David Harsanyi of the Federalist questions large social media companies’ role in dictating the rules of appropriate speech.

Of course sites like Facebook, Apple, and YouTube are free to ban conspiracy mongers like Alex Jones from their platforms. They have a right to dictate the contours of permissible speech on their sites, and to enforce those standards either dutifully or hypocritically or ideologically or using any method they see fit. No one seriously disputes this.

Then again, Twitter also has a right, as a private entity, to take a stand, and, as the company’s CEO Jack Dorsey explains it, dispassionately allow free exchanges of ideas—even the ugly ones Infowars offers—as long as users don’t break the company’s rules. Yet, here we are, watching a number of journalists—supposed sentinels of free expression—demanding that billionaire CEOs start policing speech that makes them uncomfortable. …

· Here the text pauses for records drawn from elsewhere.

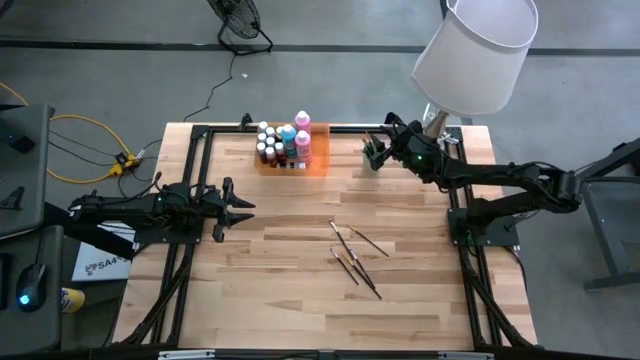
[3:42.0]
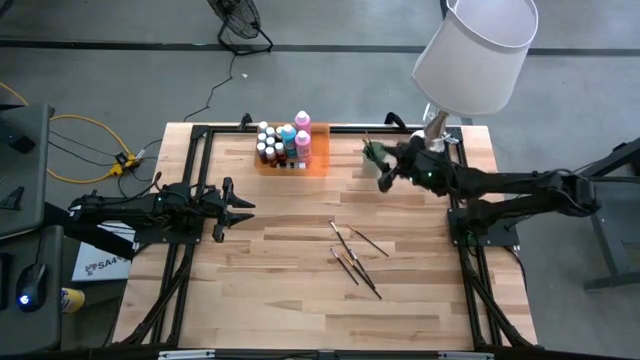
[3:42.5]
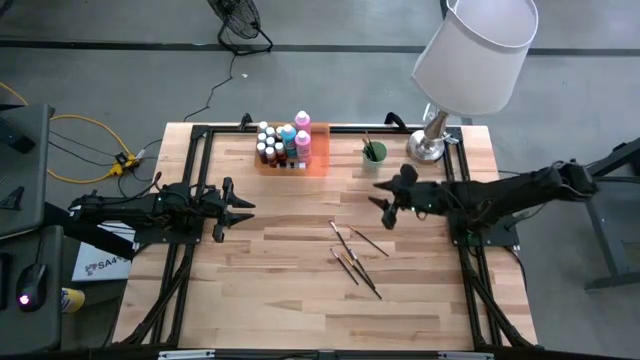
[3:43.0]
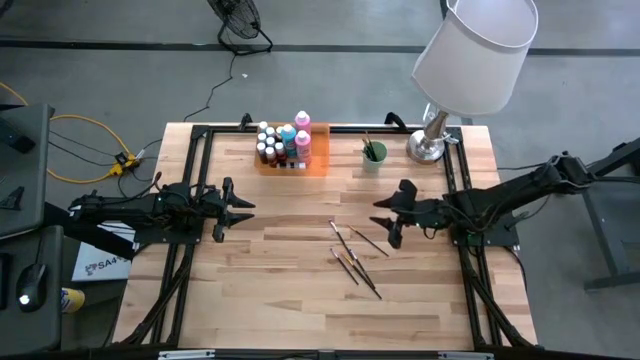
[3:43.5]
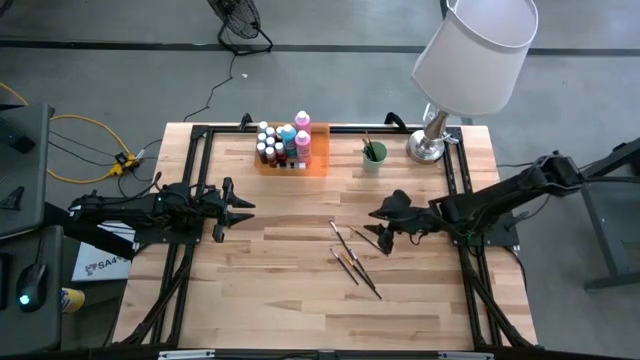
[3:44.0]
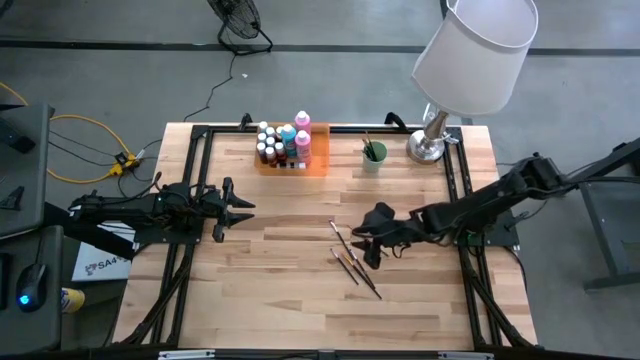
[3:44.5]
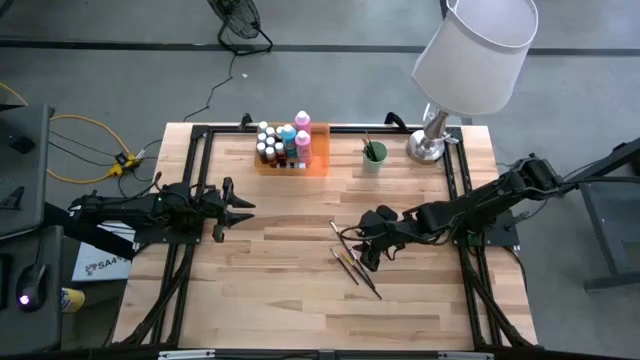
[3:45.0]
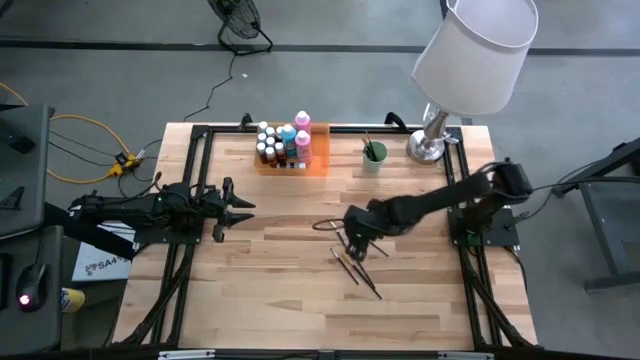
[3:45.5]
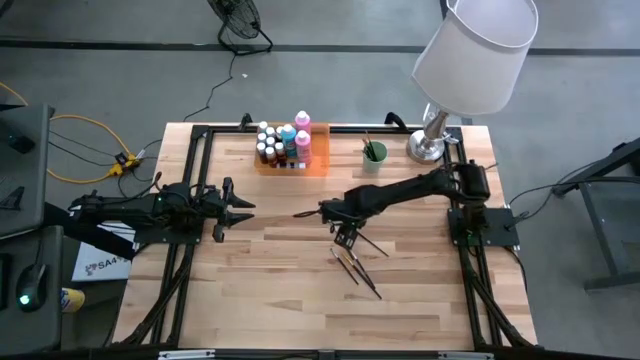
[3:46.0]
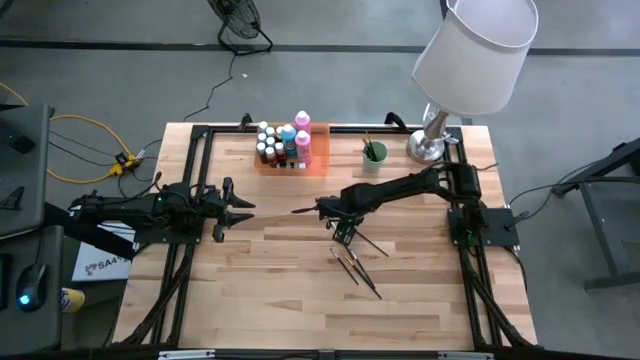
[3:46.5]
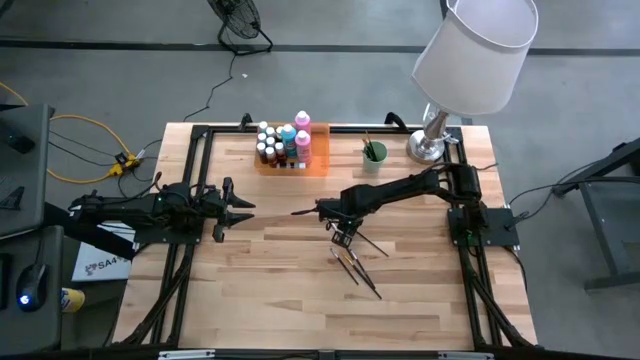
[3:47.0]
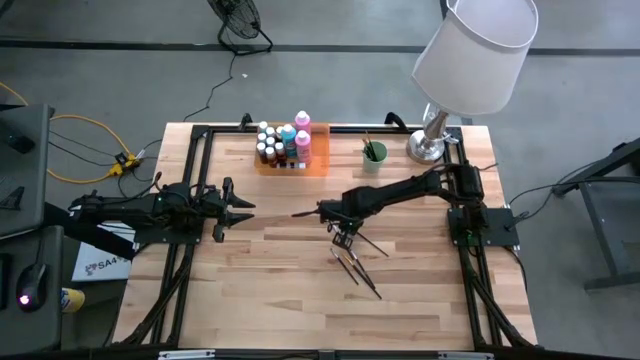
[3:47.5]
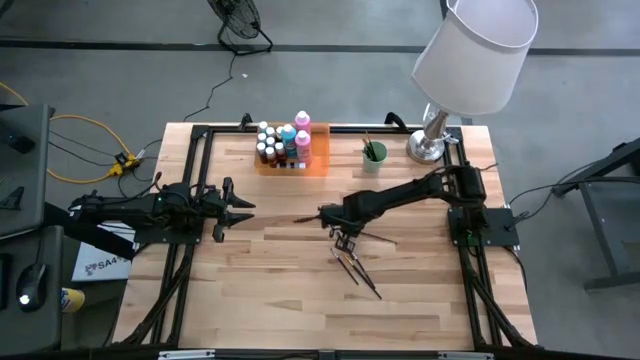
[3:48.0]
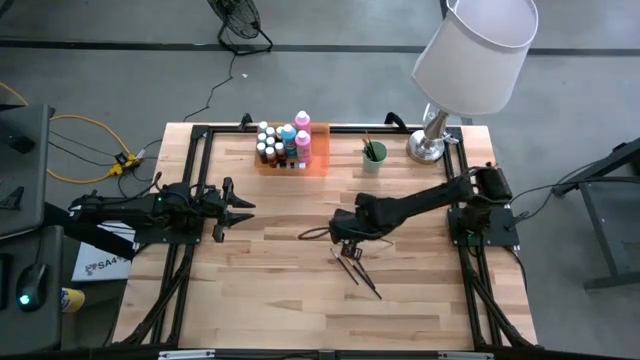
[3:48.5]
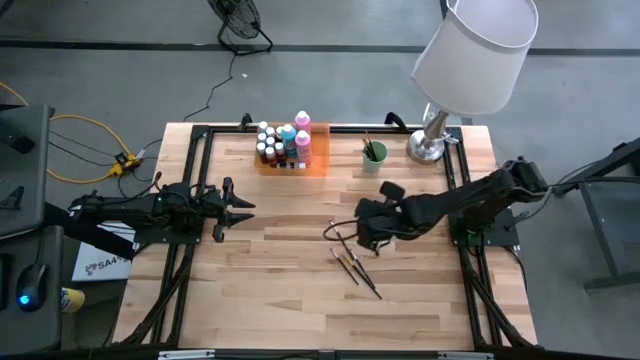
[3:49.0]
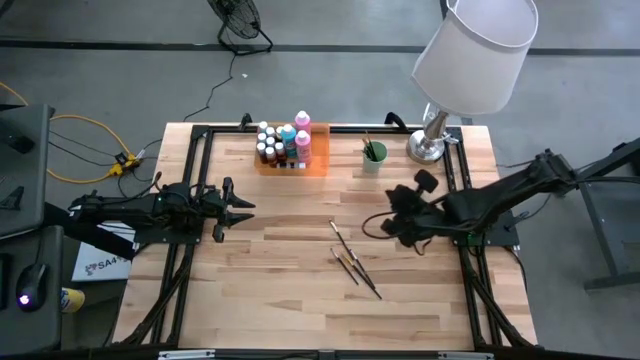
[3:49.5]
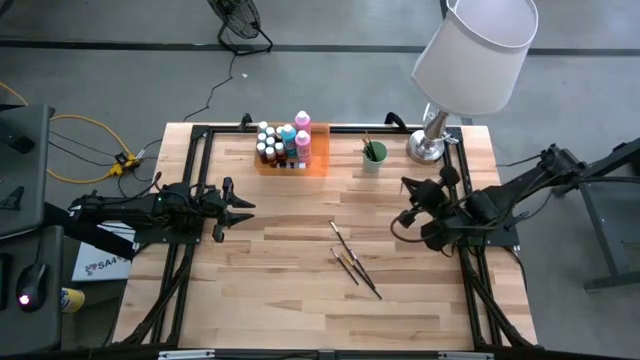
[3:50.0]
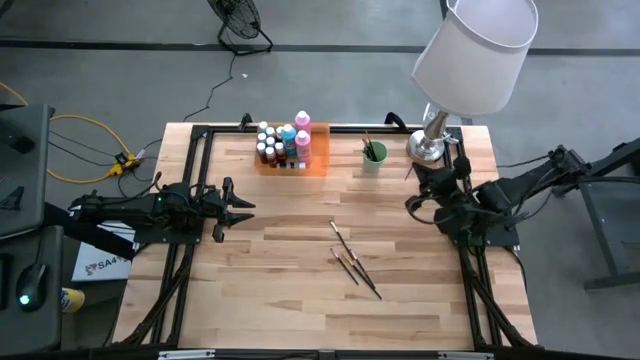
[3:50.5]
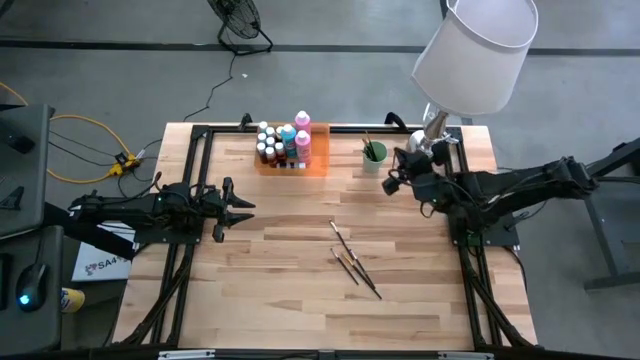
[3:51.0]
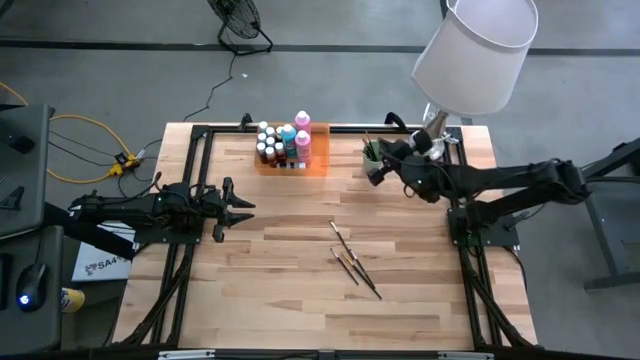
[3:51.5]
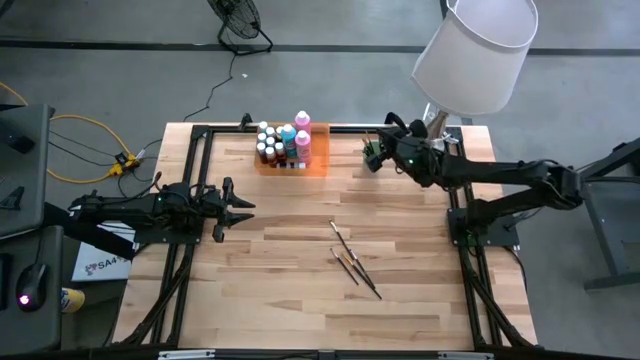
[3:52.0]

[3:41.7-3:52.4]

… To some extent, I can understand how frustrating it is watching a bigoted conspiracy theorist who has destroyed lives be provided a voice on a large media platform. After all, I’ve been trying to ignore Al Sharpton’s cable show for years. Yet if I were running a social media platform, I’d like to think I would allow nearly anyone— minus those who threaten violence or otherwise break the law—speak. It’s not as if users wouldn’t possess a block button. I can’t recall a single time in my decade using social media ever opening an Infowars link. I doubt most of you have either. Even if you did, you wouldn’t melt. They’re just words.

And while the ejection of Jones isn’t the end of the world, and it doesn’t necessarily portend a mass expulsion of less extreme voices, let’s stop acting like conservatives are foolish for harboring some concerns about the incrementalist goals of would-be liberal censors.